Stored records
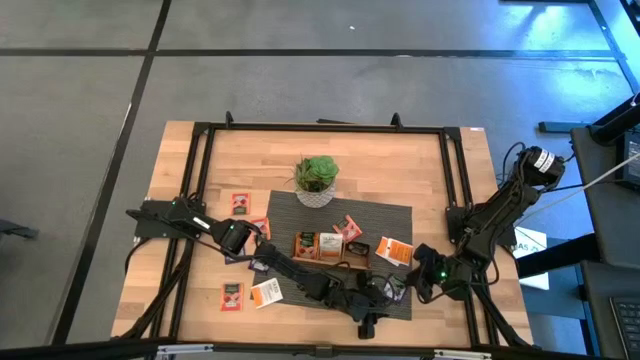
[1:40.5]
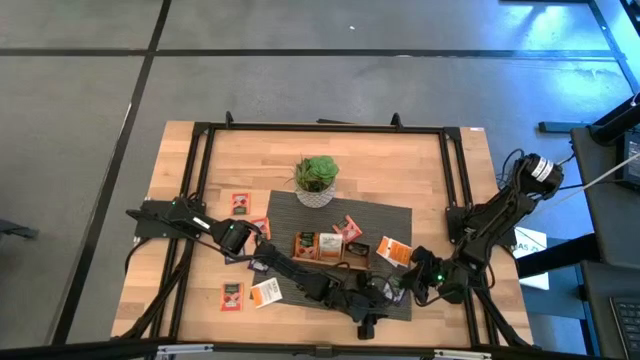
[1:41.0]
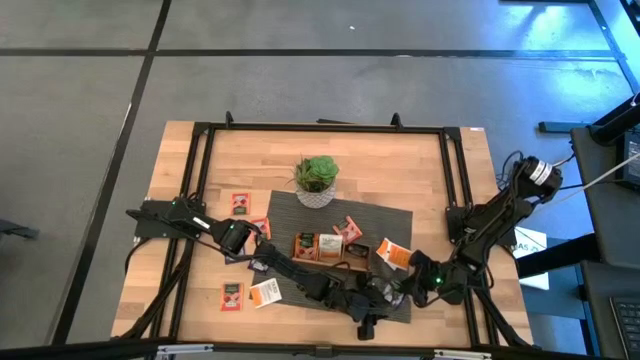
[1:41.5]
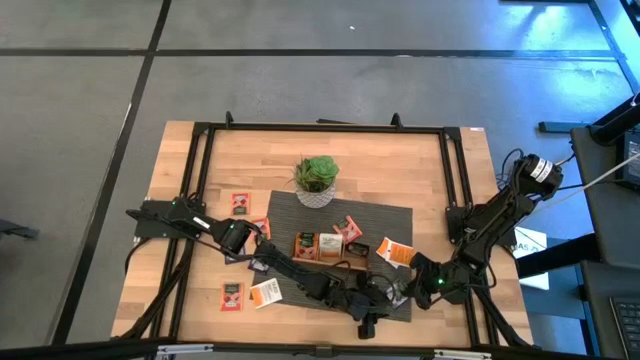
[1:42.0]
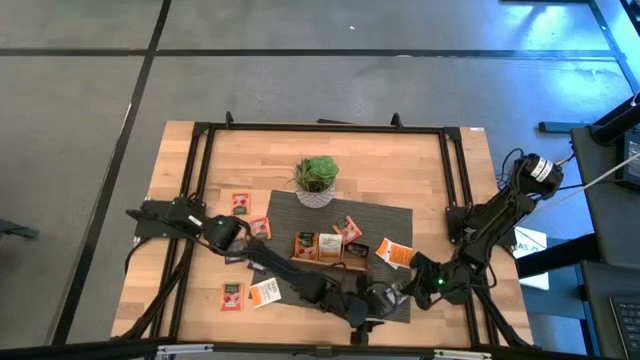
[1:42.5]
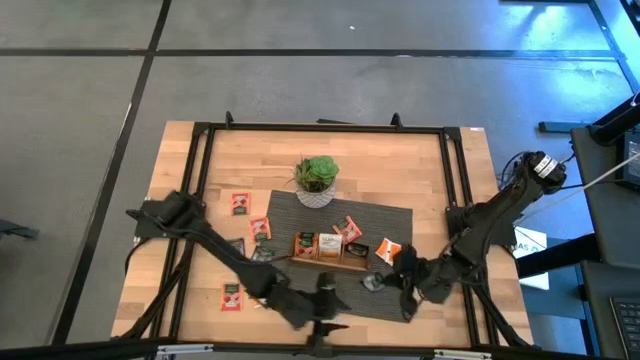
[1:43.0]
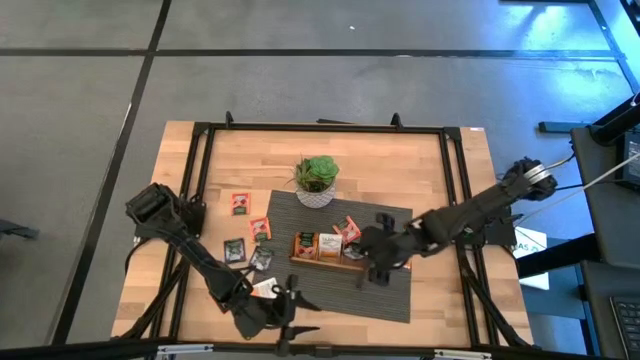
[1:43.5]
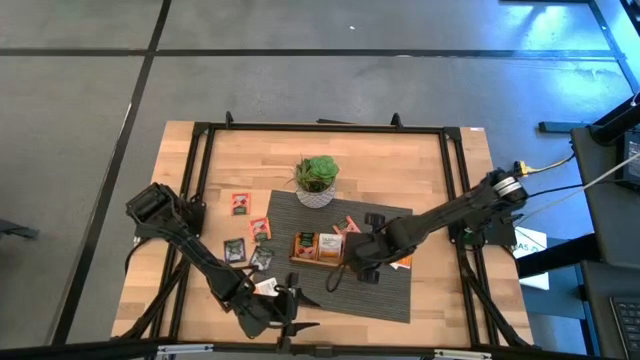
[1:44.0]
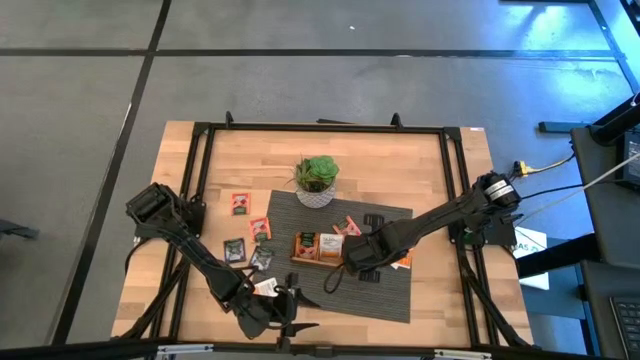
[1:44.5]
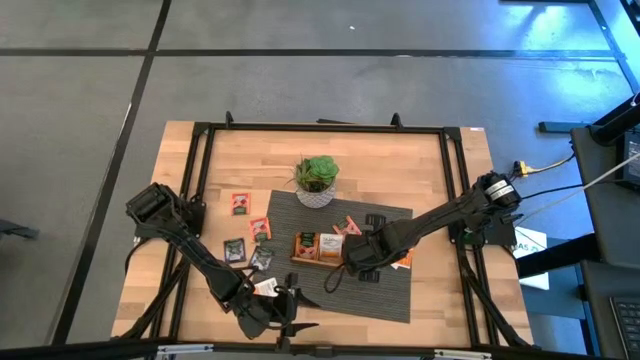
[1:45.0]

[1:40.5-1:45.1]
Task: Pick & Place Tea
Put the violet tea bag into the right section of the wooden organizer
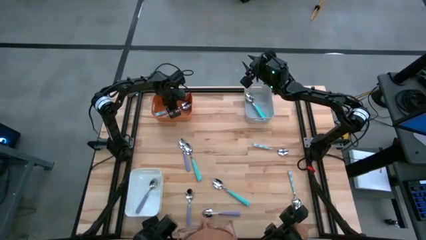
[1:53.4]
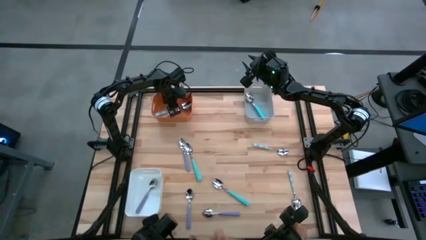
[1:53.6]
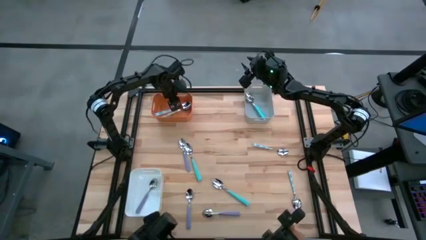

### ACTIVITY
The copy you produce must hold all the records above exactly and none of their pictures.

### ANSWER AREA
[1:40.5]
[1:41.0]
[1:41.5]
[1:42.0]
[1:42.5]
[1:43.0]
[1:43.5]
[1:44.0]
[1:44.5]
[1:45.0]

[1:40.5-1:45.1]
Task: Pick & Place Tea
Put the violet tea bag into the right section of the wooden organizer
[1:53.4]
[1:53.6]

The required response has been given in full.